Я ошибаюсь. Я знаю, что часто ошибаюсь, но тем не менее мучившее меня предчувствие не исчезло.
— Она не хочет меня видеть, Ульрик. Но я…
— Волнуешься.
— Да.
— Я присмотрю за ней, — Ульрик прикусил губу. — Обещаю.
— Спасибо.
Рассеянный кивок. Взгляд, скользнувший по каменной стене и сухой тон:
— Бабушка умирает. Я поэтому со свадьбой тороплюсь, чтобы до траура и… чтобы она знала: род не прервется. И это не моя была идея. Барон сам пришел. Предложил. А я подумал, что это предложение, оно очень кстати.
Ульрик оправдывается? Передо мной? Это я должен оправдываться перед ним, а лучше и вправду исчезнуть из их с Эмили жизни.
— Я буду хорошим мужем. И опекуном.
Гораздо лучшим, чем я.
— Знаю, — ответил я, протягивая руку. Его пожатие было крепким. — Ты всегда делал то, что должен.
На его лице мелькнуло странное выражение, словно Ульрик хотел что-то сказать, но не решался. Но вот выражение исчезло, сменившись привычным холодно-отстраненным. Мой брат поклонился и, получив ответный поклон, исчез в черноте лабиринта.
Кажется, я начинаю ненавидеть сады в классическом стиле.
— Глава 34. О том, что случайные встречи в саду чреваты неслучайными разговорами
Минди сразу поняла, что разговора не будет: уж больно криво глядела на нее эта девица. И Дориана увидев, совсем даже не обрадовалась. Вон как губки поджала. А веер в руках заплясал, что хвост собачий.
Фифа. И чего в ней хорошего? Нет, она, конечно, прехорошенькая, что крендель сахарный, и платье сидит превосходно, и вообще сразу чувствуется порода. Отчего-то стало грустно, и Минди вздохнула.
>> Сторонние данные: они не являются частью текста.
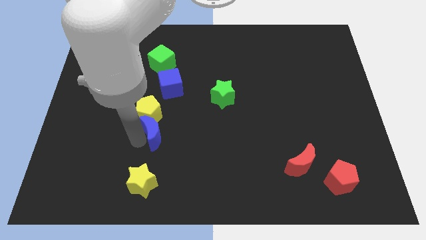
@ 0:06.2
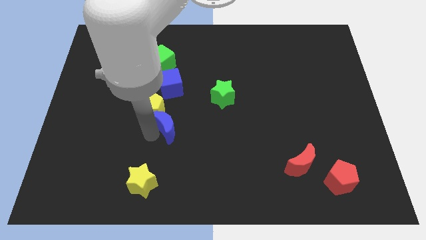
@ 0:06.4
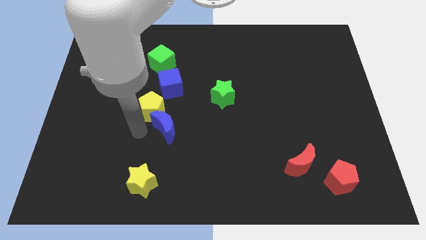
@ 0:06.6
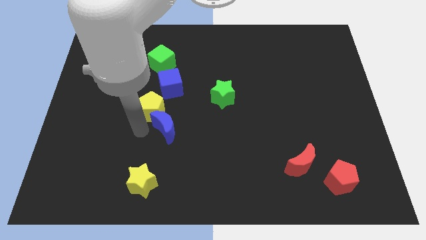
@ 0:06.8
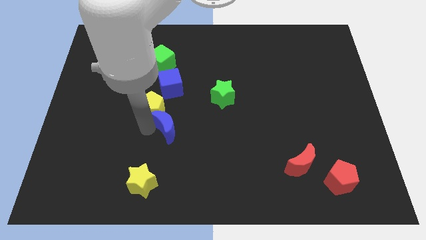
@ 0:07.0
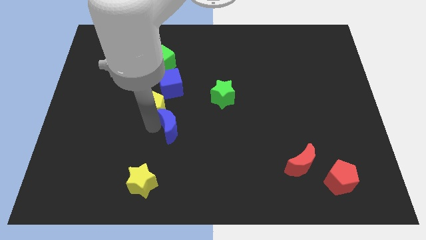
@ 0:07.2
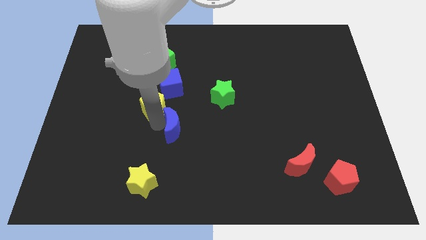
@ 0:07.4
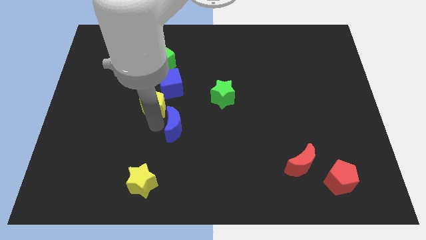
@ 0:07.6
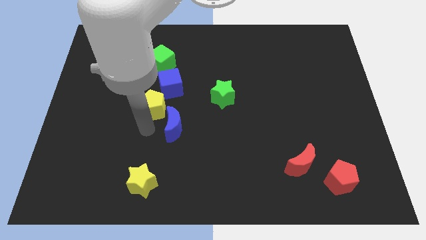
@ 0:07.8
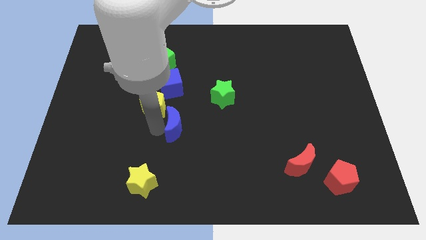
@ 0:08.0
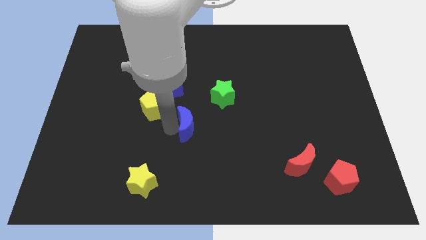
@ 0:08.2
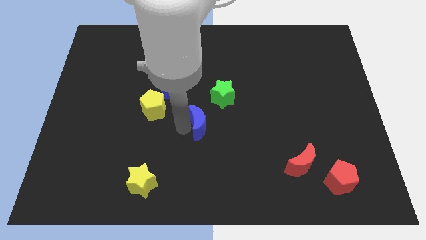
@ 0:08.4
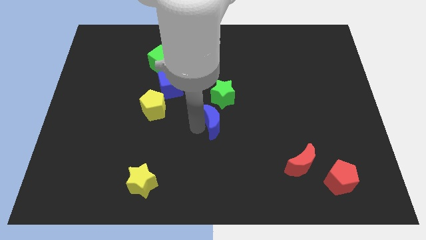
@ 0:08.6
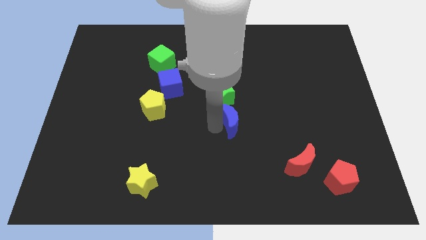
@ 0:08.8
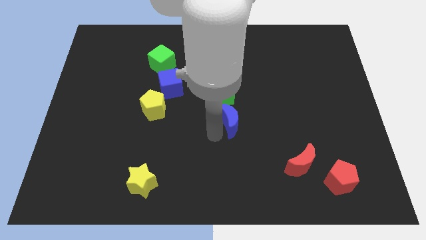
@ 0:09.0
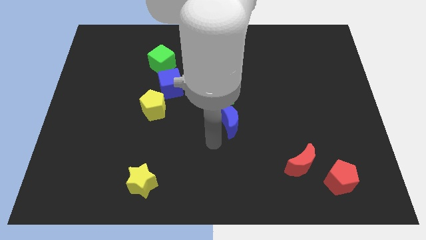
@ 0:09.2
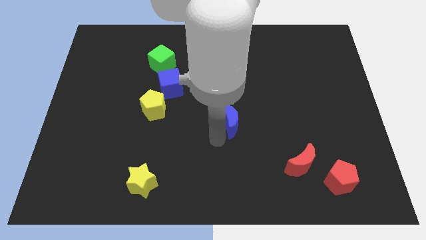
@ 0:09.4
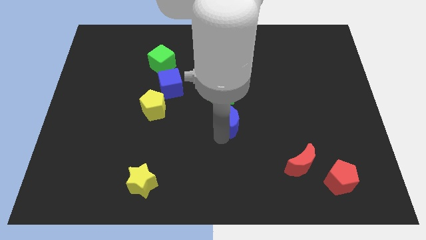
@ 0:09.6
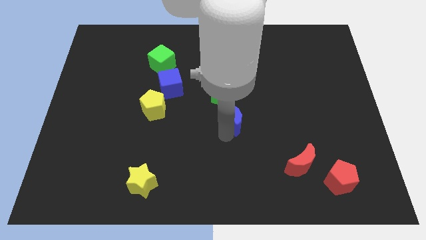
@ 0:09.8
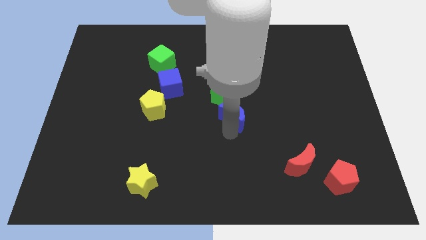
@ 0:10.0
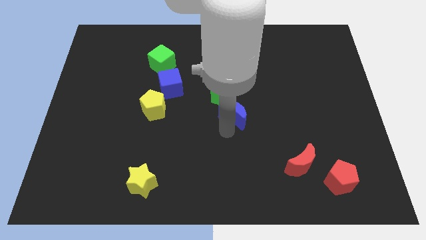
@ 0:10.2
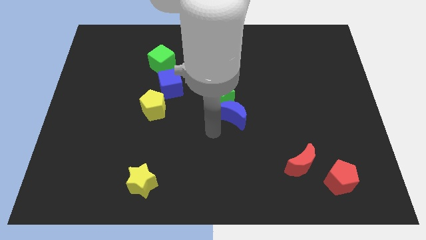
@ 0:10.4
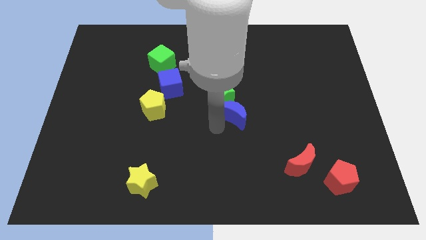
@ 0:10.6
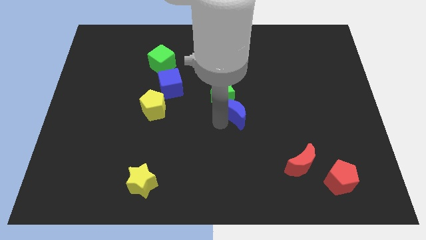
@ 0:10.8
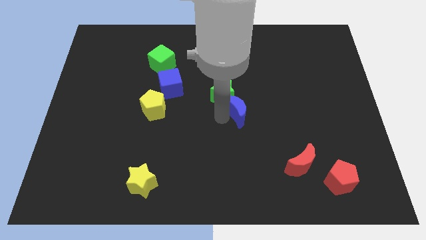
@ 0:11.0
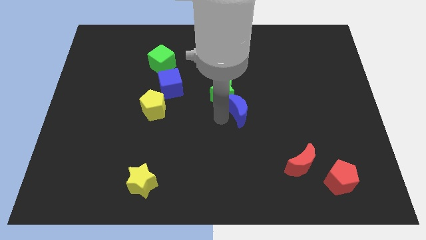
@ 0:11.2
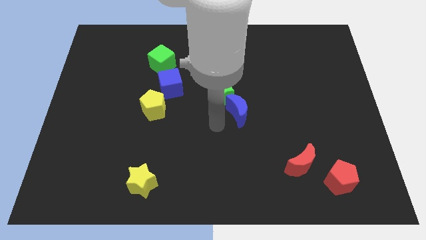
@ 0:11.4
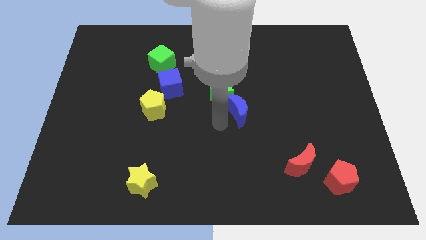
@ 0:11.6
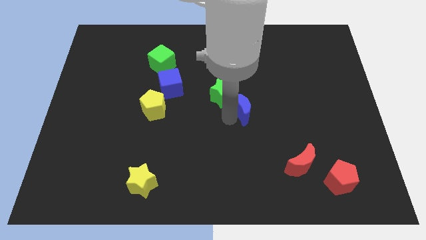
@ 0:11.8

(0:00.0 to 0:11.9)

— Не стоит печали, — сказал кто-то, выходя из темноты лабиринта. Минди от неожиданности вздрогнула и снова растреклятый веер выронила.
Ну что за день такой!
Правда, на сей раз поднимать пришлось самой.
Джентльмен наблюдал. Был он обыкновенен, как ворон в стае воронов. Лоснился черным нарядный фрак, сияли белизной манжеты, воротник и шелковые перчатки, тусклым багрянцем отсвечивали галстук и глаза. А лицо скучное, правильное. Разве что верхняя губа чересчур длинна, но зато клыки прикрывает.
— Здесь не самое лучшее место для игры в прятки, — сказал джентльмен, предложив руку. — Вас непременно найдут.
И станут выговаривать, что юной девице чего-то там не положено делать, а если и положено, то не так, как делает Минди, и что своим поведением она как пить дать репутацию погубила, и ладно если бы только свою…
— Вы ведь Минди? — осведомился джентльмен. — Минди Беккет, американка, о которой все говорят.